● **What is needed**
Work out the number of lines in the records that include the word "combinations"; reply with that number alone.
'''
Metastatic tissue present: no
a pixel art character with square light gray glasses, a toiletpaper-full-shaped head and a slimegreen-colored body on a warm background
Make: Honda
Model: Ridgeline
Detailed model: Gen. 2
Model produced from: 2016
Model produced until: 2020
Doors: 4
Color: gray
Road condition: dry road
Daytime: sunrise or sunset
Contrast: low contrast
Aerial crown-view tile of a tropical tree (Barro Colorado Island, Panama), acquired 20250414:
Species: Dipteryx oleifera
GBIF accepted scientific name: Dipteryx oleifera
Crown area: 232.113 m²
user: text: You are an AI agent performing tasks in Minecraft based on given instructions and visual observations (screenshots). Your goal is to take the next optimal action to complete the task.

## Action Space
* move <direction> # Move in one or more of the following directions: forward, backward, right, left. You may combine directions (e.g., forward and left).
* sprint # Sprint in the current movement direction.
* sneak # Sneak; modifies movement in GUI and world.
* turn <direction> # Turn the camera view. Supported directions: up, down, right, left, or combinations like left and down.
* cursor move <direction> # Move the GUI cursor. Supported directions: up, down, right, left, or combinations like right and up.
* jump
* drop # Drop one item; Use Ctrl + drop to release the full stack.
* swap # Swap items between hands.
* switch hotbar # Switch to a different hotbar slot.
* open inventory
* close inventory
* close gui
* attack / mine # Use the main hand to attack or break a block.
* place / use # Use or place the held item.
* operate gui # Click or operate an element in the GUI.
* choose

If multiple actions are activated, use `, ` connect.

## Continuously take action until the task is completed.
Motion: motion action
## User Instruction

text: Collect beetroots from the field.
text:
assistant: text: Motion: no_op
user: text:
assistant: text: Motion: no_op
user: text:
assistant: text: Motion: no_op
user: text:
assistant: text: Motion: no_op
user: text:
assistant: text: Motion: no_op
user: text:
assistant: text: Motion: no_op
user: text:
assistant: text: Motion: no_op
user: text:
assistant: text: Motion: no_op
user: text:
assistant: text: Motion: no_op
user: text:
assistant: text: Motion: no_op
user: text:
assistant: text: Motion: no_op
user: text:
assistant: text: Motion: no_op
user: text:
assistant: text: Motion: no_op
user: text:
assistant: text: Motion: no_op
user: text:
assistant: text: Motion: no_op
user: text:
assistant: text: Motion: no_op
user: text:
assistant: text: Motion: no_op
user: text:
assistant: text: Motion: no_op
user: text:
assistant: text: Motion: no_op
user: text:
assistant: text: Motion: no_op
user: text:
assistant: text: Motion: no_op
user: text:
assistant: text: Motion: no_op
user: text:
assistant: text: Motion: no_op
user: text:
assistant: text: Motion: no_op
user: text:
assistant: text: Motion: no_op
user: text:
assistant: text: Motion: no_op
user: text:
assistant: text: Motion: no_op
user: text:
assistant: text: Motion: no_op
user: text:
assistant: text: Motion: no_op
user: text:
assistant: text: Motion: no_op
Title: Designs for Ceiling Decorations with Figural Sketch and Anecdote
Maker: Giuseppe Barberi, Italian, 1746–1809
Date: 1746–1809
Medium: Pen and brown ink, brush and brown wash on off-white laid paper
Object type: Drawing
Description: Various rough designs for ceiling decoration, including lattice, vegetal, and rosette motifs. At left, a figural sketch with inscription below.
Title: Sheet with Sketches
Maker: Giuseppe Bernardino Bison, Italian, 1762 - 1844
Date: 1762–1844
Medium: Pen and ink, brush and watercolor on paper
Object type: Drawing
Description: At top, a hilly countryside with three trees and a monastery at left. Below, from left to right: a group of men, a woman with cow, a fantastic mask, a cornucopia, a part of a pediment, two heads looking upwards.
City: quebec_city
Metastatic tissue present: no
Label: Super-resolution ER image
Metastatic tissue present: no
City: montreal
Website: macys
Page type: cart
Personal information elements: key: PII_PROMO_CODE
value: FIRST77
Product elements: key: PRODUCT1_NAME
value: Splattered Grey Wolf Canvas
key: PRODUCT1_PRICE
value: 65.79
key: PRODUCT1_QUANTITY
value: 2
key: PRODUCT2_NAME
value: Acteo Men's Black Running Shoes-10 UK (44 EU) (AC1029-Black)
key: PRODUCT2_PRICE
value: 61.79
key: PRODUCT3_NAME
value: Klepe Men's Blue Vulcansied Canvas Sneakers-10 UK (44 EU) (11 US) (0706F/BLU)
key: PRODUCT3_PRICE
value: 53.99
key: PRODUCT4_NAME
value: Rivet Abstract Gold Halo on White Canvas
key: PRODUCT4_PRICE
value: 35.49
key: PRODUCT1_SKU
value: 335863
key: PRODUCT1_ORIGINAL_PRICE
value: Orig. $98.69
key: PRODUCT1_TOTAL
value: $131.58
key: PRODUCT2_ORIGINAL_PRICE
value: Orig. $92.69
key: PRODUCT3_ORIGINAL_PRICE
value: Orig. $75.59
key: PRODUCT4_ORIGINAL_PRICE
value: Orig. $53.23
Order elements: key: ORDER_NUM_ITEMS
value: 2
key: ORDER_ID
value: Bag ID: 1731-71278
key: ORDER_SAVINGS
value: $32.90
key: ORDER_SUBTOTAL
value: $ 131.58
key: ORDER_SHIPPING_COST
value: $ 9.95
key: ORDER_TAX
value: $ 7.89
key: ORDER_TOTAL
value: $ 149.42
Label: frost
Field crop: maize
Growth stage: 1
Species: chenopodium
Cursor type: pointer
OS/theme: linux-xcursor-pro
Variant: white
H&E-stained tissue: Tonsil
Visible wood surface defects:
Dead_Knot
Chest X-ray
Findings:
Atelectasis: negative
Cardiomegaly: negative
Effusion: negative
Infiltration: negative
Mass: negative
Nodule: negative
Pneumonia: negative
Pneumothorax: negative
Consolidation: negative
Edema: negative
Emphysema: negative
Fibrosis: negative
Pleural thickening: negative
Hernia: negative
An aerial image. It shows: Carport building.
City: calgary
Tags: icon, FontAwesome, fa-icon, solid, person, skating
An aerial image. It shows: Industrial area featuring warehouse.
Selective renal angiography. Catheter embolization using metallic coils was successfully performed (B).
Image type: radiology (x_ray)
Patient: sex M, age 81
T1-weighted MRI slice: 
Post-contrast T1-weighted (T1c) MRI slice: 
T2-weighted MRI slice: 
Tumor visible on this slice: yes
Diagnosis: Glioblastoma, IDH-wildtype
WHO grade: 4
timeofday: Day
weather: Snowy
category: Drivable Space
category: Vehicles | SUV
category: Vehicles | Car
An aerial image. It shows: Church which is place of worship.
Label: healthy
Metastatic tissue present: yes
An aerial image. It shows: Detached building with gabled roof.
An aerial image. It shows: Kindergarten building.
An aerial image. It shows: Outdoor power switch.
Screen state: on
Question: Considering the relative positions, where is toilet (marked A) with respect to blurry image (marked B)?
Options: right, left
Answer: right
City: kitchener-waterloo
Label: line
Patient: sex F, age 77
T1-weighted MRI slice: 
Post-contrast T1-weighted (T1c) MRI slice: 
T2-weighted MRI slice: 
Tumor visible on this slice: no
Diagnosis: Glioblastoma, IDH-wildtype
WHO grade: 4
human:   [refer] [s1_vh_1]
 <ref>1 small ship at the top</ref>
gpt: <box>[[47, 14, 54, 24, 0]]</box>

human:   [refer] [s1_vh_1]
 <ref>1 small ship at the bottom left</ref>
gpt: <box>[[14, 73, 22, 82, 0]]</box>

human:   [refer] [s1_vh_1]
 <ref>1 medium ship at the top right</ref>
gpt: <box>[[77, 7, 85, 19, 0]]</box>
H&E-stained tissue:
'''
● **Output of the task**
2